The Looking Glass

The Looking Glass

The Department of Psychology


RAY'S GUIDE TO GOURMET AND FRUGAL DINING

Raymond Lim

In this issue of my "Guide to Gourmet and Frugal Dining," I will introduce you to a special treat that most Westerners have not yet experienced. This treat is called "Dim Sum." Dim Sum originated long ago in the province of Canton, China. The definition of Dim Sum can be construed from many meanings. However, I have one that makes very good sense. The word "Dim" means point, choose, or small; "Sum" means from the heart or of the heart. Dim Sum can then be defined as "small choices of the heart," poetically speaking.

The act of Dim Sum differs from what we consider as a "typical" setting in a Chinese restaurant; I would simply describe it as a "rolling buffet cart." Yes, the food is literally on carts. It is prepared fresh in the kitchen and then rolled out to customers waiting at their tables. Each cart is loaded with food. It is then wheeled around to each table in the restaurant. The term Dim (point) comes into play when you do exactly that -- point at the food item in the cart. Each food item is prepared meticulously so each portion is small. Dim Sum is not considered a meal, but a snack early in the afternoon.
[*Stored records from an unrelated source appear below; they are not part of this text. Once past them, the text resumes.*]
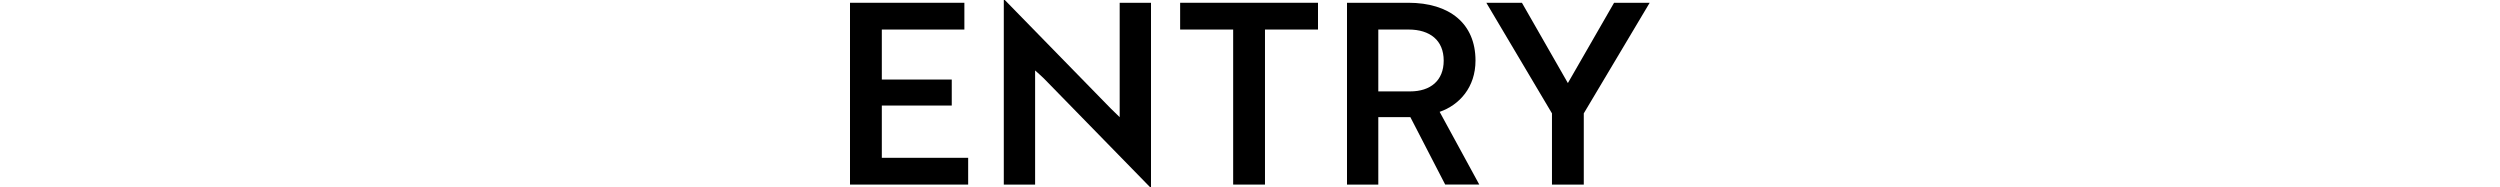 <svg xmlns="http://www.w3.org/2000/svg" xmlns:xlink="http://www.w3.org/1999/xlink" width="1000" height="74.94" viewBox="0 0 1000 74.94">
  <defs>
    <clipPath id="clip-path">
      <rect id="長方形_2" data-name="長方形 2" width="319.873" height="74.94" fill="none"/>
    </clipPath>
  </defs>
  <g id="グループ_1" data-name="グループ 1" transform="translate(-2140 -117)">
    <rect id="長方形_1" data-name="長方形 1" width="1000" height="70" transform="translate(2140 119)" fill="none"/>
    <g id="グループ_5" data-name="グループ 5" transform="translate(2480 117)">
      <path id="パス_5" data-name="パス 5" d="M0,1.111V73.829H47.266V63.124H12.726V42.217H40.7v-10.4H12.726v-20H45.752V1.111Z"/>
      <g id="グループ_4" data-name="グループ 4">
        <g id="グループ_3" data-name="グループ 3" clip-path="url(#clip-path)">
          <path id="パス_6" data-name="パス 6" d="M120.1,74.94,77.578,31.41c-1.111-1.01-2.323-2.222-3.535-3.233V73.829H61.519V0h.4l42.419,43.428,3.535,3.434V1.11H120.4V74.94Z"/>
          <path id="パス_7" data-name="パス 7" d="M165.992,11.816V73.829H153.266V11.816h-21.21V1.11H187.2V11.816Z"/>
          <path id="パス_8" data-name="パス 8" d="M223.339,1.11C239.8,1.11,250.2,9.392,250.2,24.239c0,10.706-6.464,17.775-14.342,20.5l15.857,29.088h-13.63L224.147,46.862H211.32V73.829H198.8V1.11ZM211.32,11.816V36.56h12.726c8.181,0,13.433-4.343,13.433-12.321,0-8.08-5.454-12.423-14.039-12.423Z"/>
          <path id="パス_9" data-name="パス 9" d="M268.768,1.11,287.15,33.227,305.632,1.11h14.241l-26.36,44.237V73.829H280.787V45.347L254.527,1.11Z"/>
        </g>
      </g>
    </g>
  </g>
</svg>

This type of dining, I would say, is more on the gourmet end of dining because of its price. Prices in a good Dim Sum restaurant range from $5.00 to $15.00 per person; this, of course, depends on what you order or Dim out. Some of the items may be too exotic for those without a trained palate. So, here are some items that I recommend you order:

Cha Siu Boa comes either baked with a honey-glazed top or steamed bun filled with barbecued pork.

Nga Yout Kao is basically a seasoned meatball that is very healthy because it is cooked by steaming.

Cheung fun comes in shrimp, beef, or pork. It is a rice noodle that has your choice of fillings.

THai goa and Siu Mai are favorites among seafood lovers. These foods are filled with shrimp and other ingredients that I am not familiar.

The above is a small list of items you can choose. I recommend that you save room for some dessert such as mango pudding, almond Jell-O, or tapioca pudding.

One restaurant I recommend is Pacific Seafood, located 2223 W. Commonwealth Ave., in front of Price Club. Pacific Seafood is located across the old Sears Building that is now "Toys R Us." This restaurant opens their doors at 10:00 a.m. and serves Dim Sum until they are all out -- somewhere around noon.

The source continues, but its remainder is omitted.